🤖 AI Summary
Single-cell temporal snapshot data lack individual trajectory observations, and exhibit unknown, state-dependent stochasticity—posing challenges for long-term extrapolation. Existing Schrödinger bridge methods are constrained by predefined dynamics or constant diffusion coefficients, limiting their predictive capability.
Method: We propose the first MMD-based snapshot dynamical modeling framework, introducing an MMD loss defined over the joint state-time distribution. Coupled with implicit stochastic differential equation parameterization and a robust learning scheme for incomplete observations, our approach enables end-to-end, data-driven learning of state-dependent diffusion coefficients—without assuming prior dynamical structure.

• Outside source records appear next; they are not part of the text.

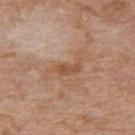Part of a total-body skin-imaging series; this lesion was reviewed on a skin check and was not flagged for biopsy.
Cropped from a total-body skin-imaging series; the visible field is about 15 mm.
On the upper back.
An algorithmic analysis of the crop reported a footprint of about 8 mm² and an outline eccentricity of about 0.9 (0 = round, 1 = elongated). It also reported an average lesion color of about L≈54 a*≈20 b*≈31 (CIELAB), about 8 CIELAB-L* units darker than the surrounding skin, and a lesion-to-skin contrast of about 6 (normalized; higher = more distinct). It also reported internal color variation of about 2.5 on a 0–10 scale and a peripheral color-asymmetry measure near 1.
Measured at roughly 5.5 mm in maximum diameter.
A female patient in their mid-70s.
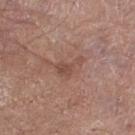Recorded during total-body skin imaging; not selected for excision or biopsy. Located on the right thigh. A 15 mm close-up tile from a total-body photography series done for melanoma screening. A male subject, aged approximately 75.
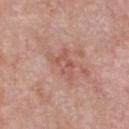biopsy status: imaged on a skin check; not biopsied
acquisition: 15 mm crop, total-body photography
patient: male, in their mid- to late 50s
site: the chest
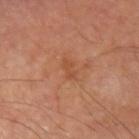<case>
<site>left upper arm</site>
<lighting>cross-polarized</lighting>
<patient>
  <sex>male</sex>
  <age_approx>70</age_approx>
</patient>
<lesion_size>
  <long_diameter_mm_approx>3.0</long_diameter_mm_approx>
</lesion_size>
<image>
  <source>total-body photography crop</source>
  <field_of_view_mm>15</field_of_view_mm>
</image>
</case>
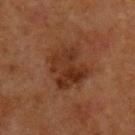Q: Was a biopsy performed?
A: catalogued during a skin exam; not biopsied
Q: Illumination type?
A: cross-polarized illumination
Q: What is the lesion's diameter?
A: ≈5 mm
Q: What kind of image is this?
A: total-body-photography crop, ~15 mm field of view
Q: What are the patient's age and sex?
A: male, in their mid-60s
Q: Lesion location?
A: the upper back
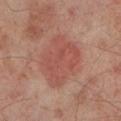biopsy status: total-body-photography surveillance lesion; no biopsy
lighting: cross-polarized
patient: male, roughly 50 years of age
TBP lesion metrics: a lesion area of about 24 mm², an outline eccentricity of about 0.7 (0 = round, 1 = elongated), and two-axis asymmetry of about 0.2; a mean CIELAB color near L≈50 a*≈26 b*≈26, about 7 CIELAB-L* units darker than the surrounding skin, and a normalized lesion–skin contrast near 5.5; a color-variation rating of about 3/10 and peripheral color asymmetry of about 1
size: about 6.5 mm
anatomic site: the leg
image source: 15 mm crop, total-body photography
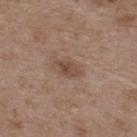Recorded during total-body skin imaging; not selected for excision or biopsy.
A male subject aged approximately 50.
A roughly 15 mm field-of-view crop from a total-body skin photograph.
On the back.
This is a white-light tile.
Approximately 3 mm at its widest.
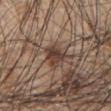<record>
  <biopsy_status>not biopsied; imaged during a skin examination</biopsy_status>
  <site>chest</site>
  <patient>
    <sex>male</sex>
    <age_approx>50</age_approx>
  </patient>
  <lighting>white-light</lighting>
  <lesion_size>
    <long_diameter_mm_approx>3.5</long_diameter_mm_approx>
  </lesion_size>
  <image>
    <source>total-body photography crop</source>
    <field_of_view_mm>15</field_of_view_mm>
  </image>
</record>
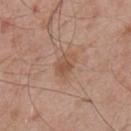<case>
  <biopsy_status>not biopsied; imaged during a skin examination</biopsy_status>
  <lesion_size>
    <long_diameter_mm_approx>3.5</long_diameter_mm_approx>
  </lesion_size>
  <lighting>white-light</lighting>
  <image>
    <source>total-body photography crop</source>
    <field_of_view_mm>15</field_of_view_mm>
  </image>
  <site>mid back</site>
  <patient>
    <sex>male</sex>
    <age_approx>55</age_approx>
  </patient>
</case>
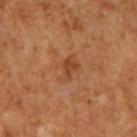Imaged during a routine full-body skin examination; the lesion was not biopsied and no histopathology is available. A male patient in their mid-60s. Imaged with cross-polarized lighting. A 15 mm crop from a total-body photograph taken for skin-cancer surveillance.
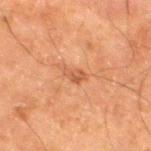notes: no biopsy performed (imaged during a skin exam)
anatomic site: the right thigh
subject: male, aged around 80
tile lighting: cross-polarized illumination
size: ≈3 mm
acquisition: ~15 mm crop, total-body skin-cancer survey

Results: The method ensures reliable inference under sparse and missing observations. Evaluated on multiple synthetic and real datasets, it significantly improves long-term extrapolation accuracy, achieves state-of-the-art or superior performance in interpolation and velocity field reconstruction, and successfully infers differentiation outcomes from early stem cell states.
📝 Abstract
Scientists often want to make predictions beyond the observed time horizon of"snapshot"data following latent stochastic dynamics. For example, in time course single-cell mRNA profiling, scientists have access to cellular transcriptional state measurements (snapshots) from different biological replicates at different time points, but they cannot access the trajectory of any one cell because measurement destroys the cell. Researchers want to forecast (e.g.) differentiation outcomes from early state measurements of stem cells. Recent Schr""odinger-bridge (SB) methods are natural for interpolating between snapshots. But past SB papers have not addressed forecasting -- likely since existing methods either (1) reduce to following pre-set reference dynamics (chosen before seeing data) or (2) require the user to choose a fixed, state-independent volatility since they minimize a Kullback-Leibler divergence. Either case can lead to poor forecasting quality. In the present work, we propose a new framework, SnapMMD, that learns dynamics by directly fitting the joint distribution of both state measurements and observation time with a maximum mean discrepancy (MMD) loss. Unlike past work, our method allows us to infer unknown and state-dependent volatilities from the observed data. We show in a variety of real and synthetic experiments that our method delivers accurate forecasts. Moreover, our approach allows us to learn in the presence of incomplete state measurements and yields an $R^2$-style statistic that diagnoses fit. We also find that our method's performance at interpolation (and general velocity-field reconstruction) is at least as good as (and often better than) state-of-the-art in almost all of our experiments.